My PhD
Title:
Applying novel machine learning techniques to understand the relevance of biomarkers in rare diseases.
Stakeholder:
Amicus Therapeutics
The Research:
To date, there are over 7000 different rare diseases that afflict millions of individuals in the World and are responsible for the deterioration of physical health, mental health, and socioeconomic conditions. These conditions remain a mystery, with around 26% of rare disease patients not surviving beyond the age of 5, suggesting a gap in the literature with no formal diagnostic criteria nor a known cure. Thus, there lies an urgent need to build knowledge on the clinical manifestation of these conditions and to reduce the patient's time to diagnosis.

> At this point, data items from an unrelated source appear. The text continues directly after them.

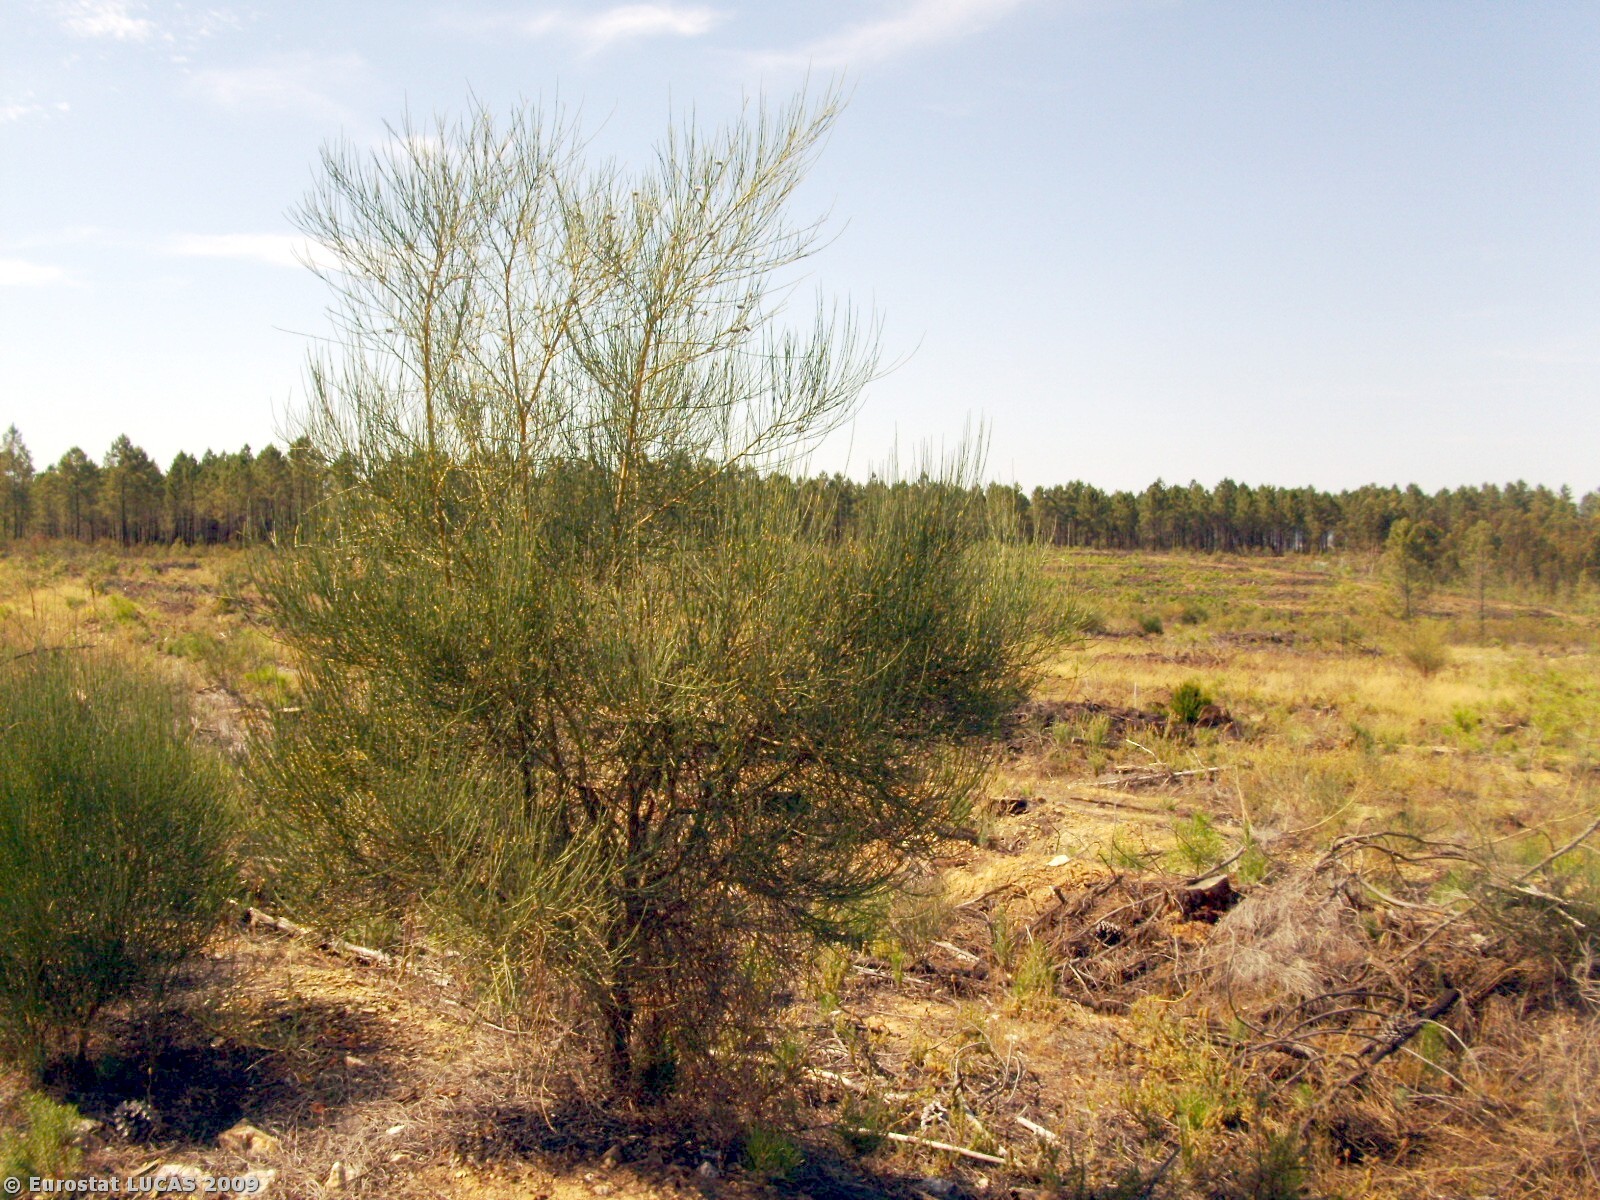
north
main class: Woodland
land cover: Coniferous woodland
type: coniferous forest of the mediterranean region
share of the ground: 25 - 50 %
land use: Forestry
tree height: > 5 m
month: July
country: PT
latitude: 40.0414
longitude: -6.9078
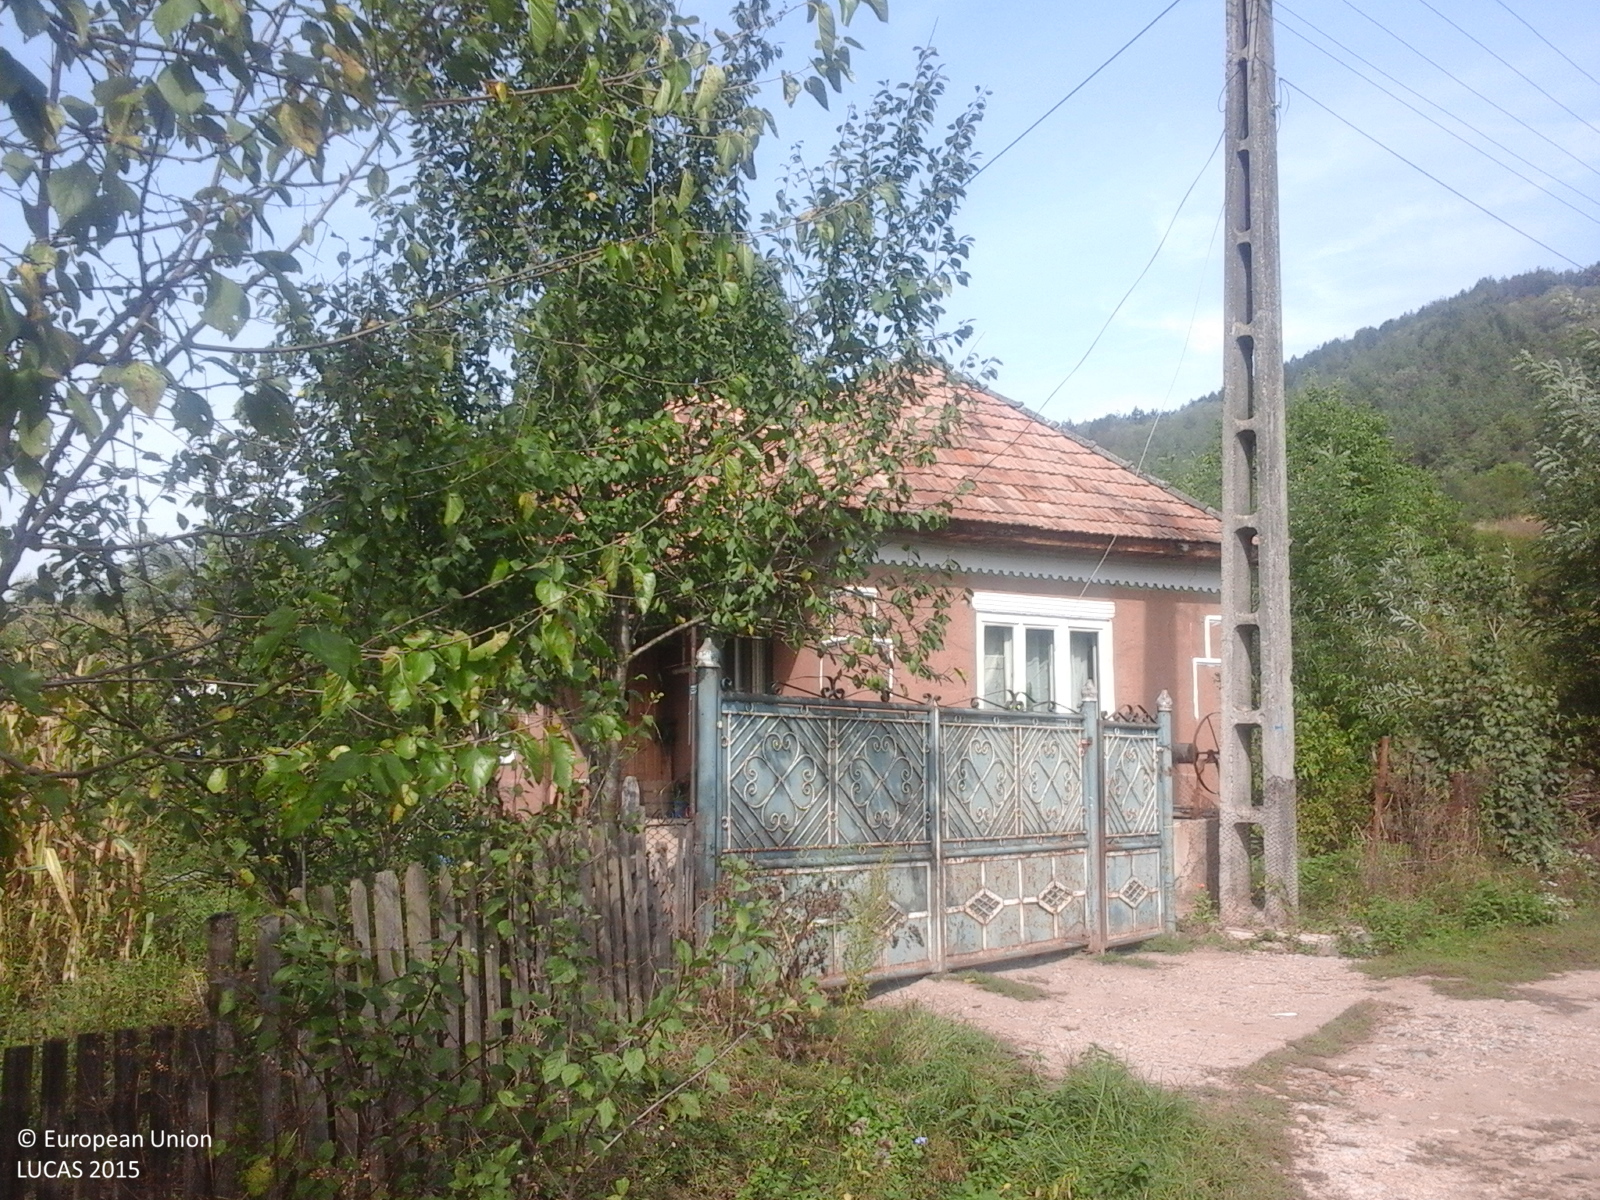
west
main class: Cropland
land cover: Maize
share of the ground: > 75 %
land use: Kitchen garden
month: September
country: RO
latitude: 47.1052
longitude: 23.2842

The initial focus of the PhD is on a disease known as Fabry (E75.21), a rare lysosomal storage disorder affecting multiple body systems. The disorder may lead to heart disease, kidney disease, strokes, and painful peripheral neuropathy, in addition to several other problems. Although it is X-linked, it can cause serious implications in women as well as men. The symptoms of a classical Fabry patient include painful hands and feet (acroparesthesia), a characteristic rash (angiokeratomas), and abdominal symptoms; in the nonclassical form of the disease, these features may be mild or absent, and the condition usually becomes clinically apparent later in life than in the classical form. As the manifestations are relatively non-specific and/or look clinically similar to other diseases, it can be difficult to diagnose and patients may visit an average of 7 doctors and wait for over 15 years before being diagnosed with Fabry disease. This sequence of specialist visits generates a series of misdiagnosis, which leads to increased patient anxiety, delay in receiving treatment or even incorrect treatment being administered, and worsening of the patient’s disease-related manifestations. Those with an incorrect diagnosis can also miss out on trials of a new treatment, such as that of Substrate reduction therapy. Moreover, the lack of a large patient pool hinders the ability to obtain a common clinical manifestation of the condition.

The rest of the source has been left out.